Macon (fin)

Het ging niet goed met Macon, had ik u onlangs nog verteld. Eergisteren vond hij nog amper de kracht om recht te komen en te drinken –eten was al helemaal niet meer aan de orde. Toen ik gisterenavond thuiskwam lag hij op zijn vertrouwde plekje bij de drinkbak die we bij onze slaapkamerdeur hadden gezet. Zijn lijfje ging nog traag op en neer onder een moeizame adem, en zijn kopje duwde nog zacht tegen mijn hand toen ik hem streelde. Zijn pootjes gaven nog iets meer weerwerk, maar het waren meer spasmen –zoals in zijn slaap– dan doelgerichte beweging.

Het had geen zin om het nog verder uit te stellen. Toen Tessa thuiskwam heeft ze bij de dierenarts, een beetje verderop in de straat, twee maal 5ml spierverlammende substantie gehaald (dat kreeg ze enkel mee omdat ze zelf arts is natuurlijk). Macon tot daar vervoeren zagen we geen van beiden zitten, en de dierenarts had er alle begrip voor. Hij raadde aan de vloeistof pulp-fictiongewijs rechtstreeks (of zo dicht mogelijk) in het hart in te spuiten.

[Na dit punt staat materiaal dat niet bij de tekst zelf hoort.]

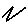
Label: zigzag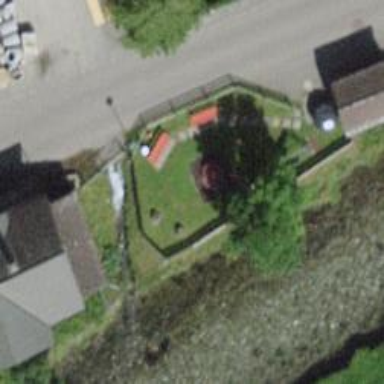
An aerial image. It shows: Bench.
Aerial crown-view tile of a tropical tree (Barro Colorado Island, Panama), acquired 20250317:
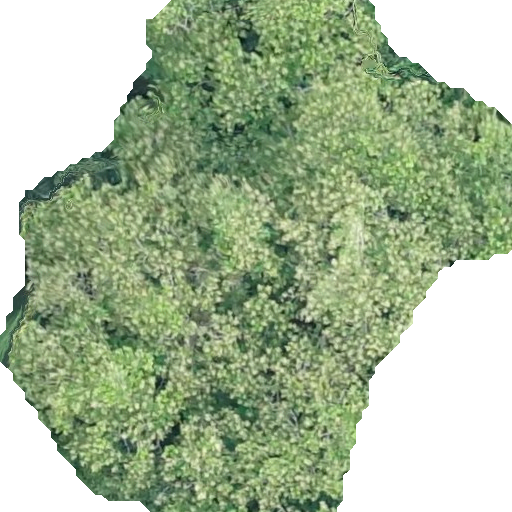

Nu ben ik niet meteen kleinzierig, maar ik weet hoe onze katten reageerden bij een gewoon bezoek aan de dierenarts, en ik zag het eigenlijk ook niet meteen zitten om Macon vlak voor zijn dood nog even aan de horror van die naald in zijn hart bloot te stellen. Maar het moest. Het was dat of een vreselijk trage dood waarvan hij volgens mij toch afzag.

Dus stonden we alledrie rond hem –we hadden alles goed uitgelegd aan Henri, en hem de keuze gelaten of hij erbij wou zijn. Macon gaf geen kik, toen de lange naald in zijn uitgemergelde lijfje werd geduwd –wat mij sterkte in de beslissing dat het inderdaad beter was om zijn negen levens zo te beëindigen. Voor de rest duurde het nog geen minuut. Hij ontspande helemaal, legde zijn kopje neer, and that was it.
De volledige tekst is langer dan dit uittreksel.